__Dataset extract__
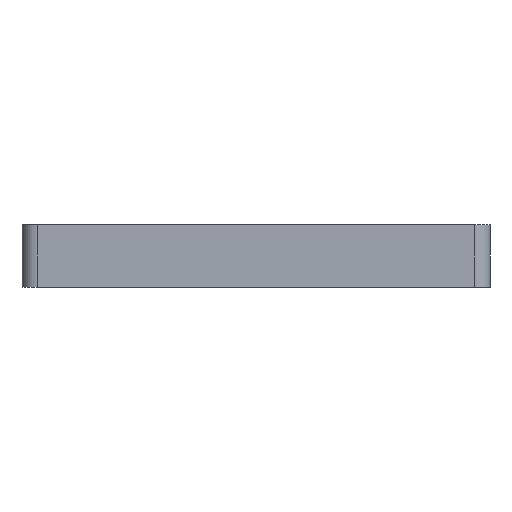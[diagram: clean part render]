
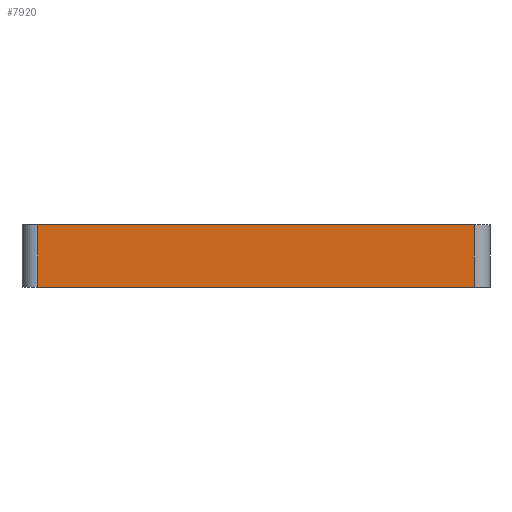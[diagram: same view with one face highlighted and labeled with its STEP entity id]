
A CAD part, left-side view. The second image highlights one B-rep face of the part: STEP entity #7920.
In plain terms, the highlighted planar face has unit normal (-1, 0, 0).
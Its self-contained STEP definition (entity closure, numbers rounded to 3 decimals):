
#123 = PLANE ( 'NONE',  #3534 ) ;
#134 = CARTESIAN_POINT ( 'NONE',  ( -45., -42., 0. ) ) ;
#156 = CARTESIAN_POINT ( 'NONE',  ( -45., 42., 0. ) ) ;
#612 = CARTESIAN_POINT ( 'NONE',  ( -45., 42., 0. ) ) ;
#616 = CARTESIAN_POINT ( 'NONE',  ( -45., 42., 12. ) ) ;
#965 = CARTESIAN_POINT ( 'NONE',  ( -45., -42., 12. ) ) ;
#1233 = CARTESIAN_POINT ( 'NONE',  ( -45., -42., 0. ) ) ;
#1514 = ORIENTED_EDGE ( 'NONE', *, *, #2154, .T. ) ;
#1800 = CARTESIAN_POINT ( 'NONE',  ( -45., 42., 12. ) ) ;
#1805 = VERTEX_POINT ( 'NONE', #4805 ) ;
#1896 = ORIENTED_EDGE ( 'NONE', *, *, #2110, .T. ) ;
#1998 = CARTESIAN_POINT ( 'NONE',  ( -45., -42., 12. ) ) ;
#2110 = EDGE_CURVE ( 'NONE', #9507, #1805, #9596, .T. ) ;
#2154 = EDGE_CURVE ( 'NONE', #1805, #6974, #9680, .T. ) ;
#2442 = ORIENTED_EDGE ( 'NONE', *, *, #5197, .T. ) ;
#2942 = DIRECTION ( 'NONE',  ( 0., 0., 1. ) ) ;
#3534 = AXIS2_PLACEMENT_3D ( 'NONE', #1233, #7765, #2942 ) ;
#3903 = EDGE_CURVE ( 'NONE', #6974, #6981, #9841, .T. ) ;
#4805 = CARTESIAN_POINT ( 'NONE',  ( -45., 42., 0. ) ) ;
#5189 = CARTESIAN_POINT ( 'NONE',  ( -45., 42., 12. ) ) ;
#5197 = EDGE_CURVE ( 'NONE', #6981, #9507, #7865, .T. ) ;
#5696 = EDGE_LOOP ( 'NONE', ( #7460, #2442, #1896, #1514 ) ) ;
#6974 = VERTEX_POINT ( 'NONE', #8236 ) ;
#6981 = VERTEX_POINT ( 'NONE', #8260 ) ;
#7460 = ORIENTED_EDGE ( 'NONE', *, *, #3903, .T. ) ;
#7765 = DIRECTION ( 'NONE',  ( -1., 0., 0. ) ) ;
#7865 = B_SPLINE_CURVE_WITH_KNOTS ( 'NONE', 1,
 ( #1998, #1800 ),
 .UNSPECIFIED., .F., .F.,
 ( 2, 2 ),
 ( 0., 1. ),
 .UNSPECIFIED. ) ;
#7920 = ADVANCED_FACE ( 'NONE', ( #9541 ), #123, .T. ) ;
#8236 = CARTESIAN_POINT ( 'NONE',  ( -45., -42., 0. ) ) ;
#8260 = CARTESIAN_POINT ( 'NONE',  ( -45., -42., 12. ) ) ;
#9507 = VERTEX_POINT ( 'NONE', #5189 ) ;
#9541 = FACE_OUTER_BOUND ( 'NONE', #5696, .T. ) ;
#9596 = B_SPLINE_CURVE_WITH_KNOTS ( 'NONE', 1,
 ( #616, #612 ),
 .UNSPECIFIED., .F., .F.,
 ( 2, 2 ),
 ( 0., 1. ),
 .UNSPECIFIED. ) ;
#9680 = B_SPLINE_CURVE_WITH_KNOTS ( 'NONE', 1,
 ( #156, #134 ),
 .UNSPECIFIED., .F., .F.,
 ( 2, 2 ),
 ( 0., 1. ),
 .UNSPECIFIED. ) ;
#9829 = CARTESIAN_POINT ( 'NONE',  ( -45., -42., 0. ) ) ;
#9841 = B_SPLINE_CURVE_WITH_KNOTS ( 'NONE', 1,
 ( #9829, #965 ),
 .UNSPECIFIED., .F., .F.,
 ( 2, 2 ),
 ( 0., 1. ),
 .UNSPECIFIED. ) ;

__Work request__
Write out again, exactly, the lines from the start of the listing up to the line containing "#612 = CARTESIAN_POINT", with both ends and without pictures.

__Output of the exercise__
[diagram: clean part render]
[diagram: same view with one face highlighted and labeled with its STEP entity id]
A CAD part, left-side view. The second image highlights one B-rep face of the part: STEP entity #7920.
In plain terms, the highlighted planar face has unit normal (-1, 0, 0).
Its self-contained STEP definition (entity closure, numbers rounded to 3 decimals):
#123 = PLANE ( 'NONE',  #3534 ) ;
#134 = CARTESIAN_POINT ( 'NONE',  ( -45., -42., 0. ) ) ;
#156 = CARTESIAN_POINT ( 'NONE',  ( -45., 42., 0. ) ) ;
#612 = CARTESIAN_POINT ( 'NONE',  ( -45., 42., 0. ) ) ;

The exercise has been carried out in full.